Fortunately, I had simply forgotten to turn. I received the instruction, but then saw a place to sit and snack, and then continued straight when I finished.
So I checked my route and backtracked a bit and then found where the cycle path crossed the highway. I am re-entering Slovakia, here.
Had I turned the other direction I could have gone to Vienna, all on bike paths, which I hope to do next week.
This bunker is on the Iron Curtain Trail and was never used because before the fortifications were finished, the Germans invaded, and the bunker was captured.
They have a bicycle highway beside the car highway.
They needed both sides of this sign post to affix all the routes available from this point.
They do not mess around when they’re building cycling infrastructure on their bridges. There are ramps up to pathways for pedestrians and cyclists on both sides under the Lanfranconi Bridge, which was built between from 1985 to 1991, and is 760 m long.
The intersection you see below is for bikes and pedestrians only.
I’m about half way across the Danube.
From here you can see the north Danube Cyclepath, and the UFO bridge in the distance.
I’ve seen a lot of these workout stations around the city.
This is looking back out the Lanfranconi bridge.
We saw this mid rise building from the Hrad a couple days ago, and from that viewpoint, it looks like a ship.
I spotted my first bike share station, since crossing back into Bratislava, and almost returned the bike momentarily to start another free 30 minutes, but then decided I might not be able to get it out again if I did. When I purchased the monthly account, I couldn’t figure out how to add a credit for overage and only €0.60 was provided as part of the initial payment for the pass. When I returned the bike outside the hotel, I owed €3.24.
I was quite tired at this point so I grabbed a takeout latte and cookie at a coffee shop in the subway under the large intersection where the transit stop is, which allows pedestrians to cross the road and access transit without conflict with motor vehicles.
Then I had a rest in the room and reviewed my pictures and started writing the blog.
When Michael finished work, he suggested that I grab the bike share and come and meet him. I forgot that I owed the money. When I tried to scan the bike out, it wouldn’t let me and I couldn’t figure out how to top up the payment so I bought a tram ticket and we met in the old city. I like the mix of old and new buildings.

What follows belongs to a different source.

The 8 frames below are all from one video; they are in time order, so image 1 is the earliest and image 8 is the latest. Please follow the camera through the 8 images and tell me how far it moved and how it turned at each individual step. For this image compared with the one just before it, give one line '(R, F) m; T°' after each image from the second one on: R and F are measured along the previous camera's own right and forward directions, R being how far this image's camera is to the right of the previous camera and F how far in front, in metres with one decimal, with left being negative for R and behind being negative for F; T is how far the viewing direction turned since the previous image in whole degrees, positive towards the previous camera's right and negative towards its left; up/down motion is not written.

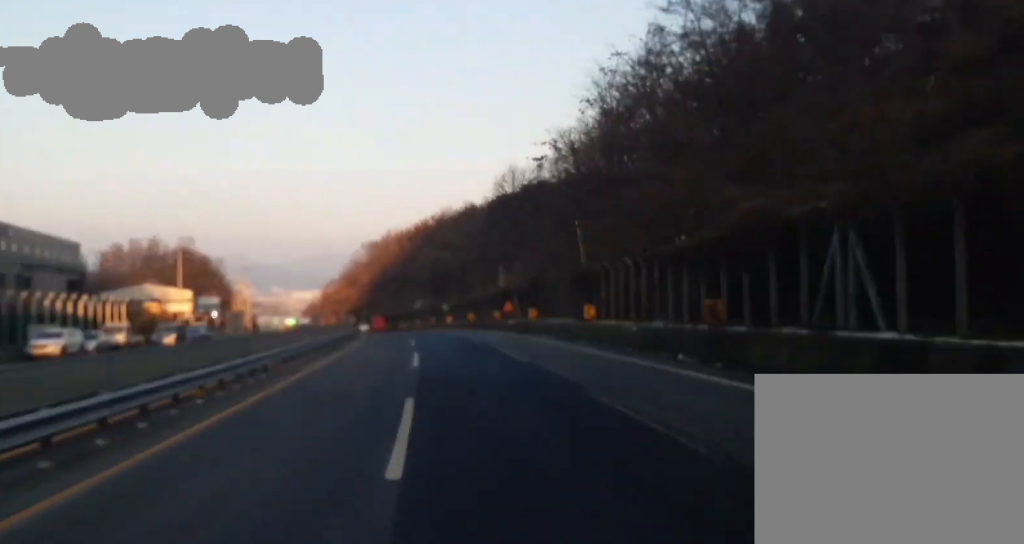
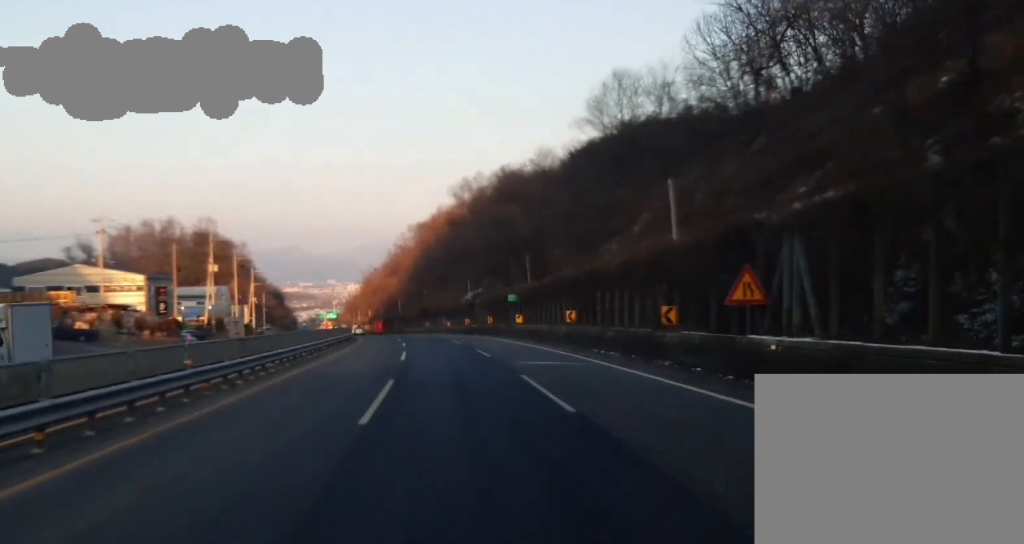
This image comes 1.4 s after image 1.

We walked for a while and looked at restaurants, but nothing was grabbing me so we got the tram back out to near where we’re staying, and went to a restaurant that he recommended that makes good burgers. I had schnitzel and really enjoyed that.
Unfortunately, there is a lot more smoking here, than at home. It’s allowed on restaurant patios, and I can often smell it on people, as well.
After that, we walked back to the hotel now I have to figure out what to do tomorrow. What a luxury.